Um bem à alma (publicado originalmente em 22/8/2020)
Dos 5 indicados a ator coadjuvante no Oscar 2020 o meu predileto era Tom Hanks por 'Um Lindo Dia na Vizinhança' (2019). É mais uma cinebiografia, desta vez a de Fred Rogers (1928-2003), famoso apresentador de programa infantil cujo nome é o título do filme.
Este programa foi sucesso nos EUA durante mais de 30 anos, entre 1968 e 2001 e trazia às crianças histórias de superação e brincadeiras com bonecos. O filme foi baseado no artigo da revista Esquire de 1998 sobre Rogers intitulado 'Você pode ser um herói?', escrito pelo jornalista Tom Junod.

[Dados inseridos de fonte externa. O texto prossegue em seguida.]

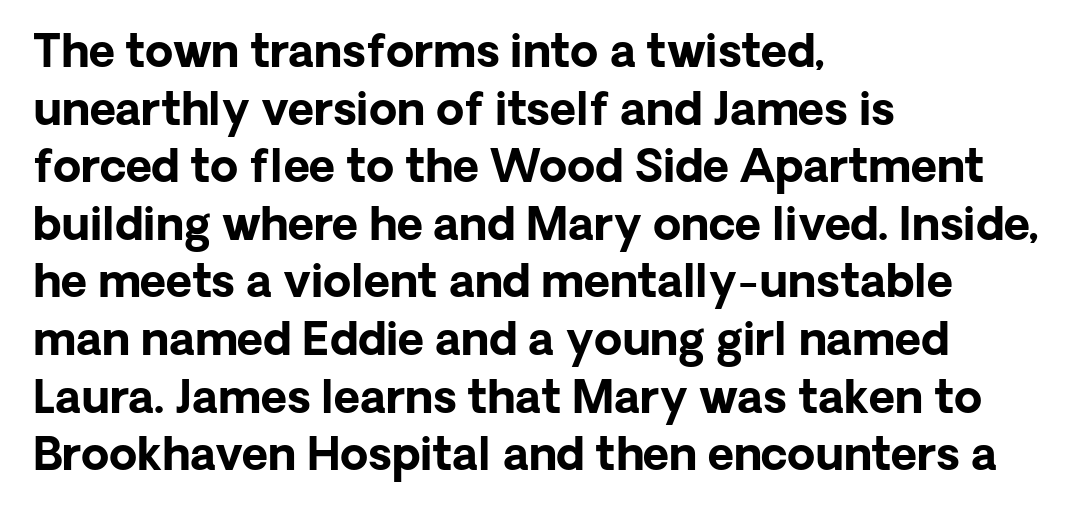
Line spacing here is normal. The glyphs are unaccompanied by any horizontal stroke below them. Is the letter spacing exaggerated? No — it looks like the ordinary default. The compositor pushed each line to the left boundary.

A diretora Marielle Heller pegou esse texto e transformou Junod em personagem, cujo nome é Lloyd Vogel (Matthew Rhys, da série de TV 'The Americans'). De reputação maculada por suas obras críticas e sobre tragédias, o jornalista é enviado para trabalhar no perfil de Rogers (Hanks), sujeito totalmente diferente dele: de família sólida, religioso e aparentemente sem problemas.
Será mesmo? O desafio de Vogel é encontrar manchas naquele homem inspirador e ídolo de gerações. 'Não é possível que ele não tenha nada que o desabone', diz Vogel à esposa Andrea (Susan Watson). Se a vida de Rogers parece um mar de rosas, a do jornalista é uma estrada esburacada.

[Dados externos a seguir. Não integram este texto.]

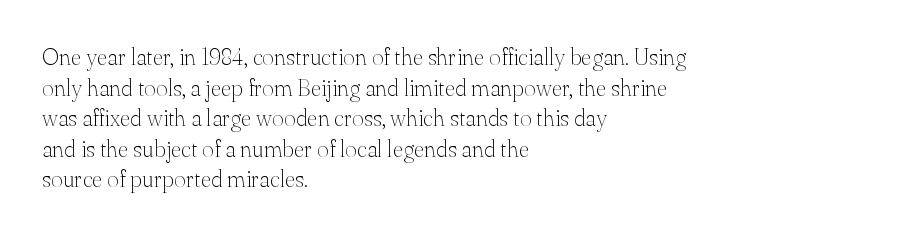
{"italic": "no", "bold": "no", "underline": "no", "align": "left", "line_spacing": "normal", "line_spacing_ratio": 1.33, "letter_spacing": "normal", "letter_spacing_em": 0.0, "glyph_px": 23}

Perdeu a mãe na adolescência e tem no pai, Jerry (Cris Cooper), o mais vilão que imagina. Bastam 2 minutos de conversa para que eles entrem nos sopapos. A proposta de Heller é dar ao público um pouco da rotina de ambos - Rogers e Vogel.
O formato de tela quando é exibido o programa de TV muda, assim como o estilo de imagem, por exemplo. E Hanks dá um show como o pastor evangélico líder da garotada. A fala mansa, o olhar circunspecto, os gestos serenos, o carisma expansivo, enfim, tudo se soma e faz com que gostemos de Rogers e seu 'Um Lindo Dia na Vizinhança'.
O script tem tons de onirismo e às vezes coloca o espectador contra a parede emocionalmente falando: tem sensibilidade fora do comum, mesmo não sendo a obra-prima que a diretora pretendia. Ao abordar a bondade humana, nós nem precisamos saber quem foi o Mr. Rogers da atração televisiva.
Basta que nos entreguemos à vontade dos personagens e compreenda-os em suas falhas e virtudes. E a ideia da produção de ilustrar a cidade e as ruas com estradas e casas formadas pelo sistema de 'stop motion' foi das mais simpáticas, para não dizer carinhosa. Vejam e deleitem-se. 'Um Lindo Dia na Vizinhança' faz bem à alma. Duração: 108 minutos. Cotação: ótimo.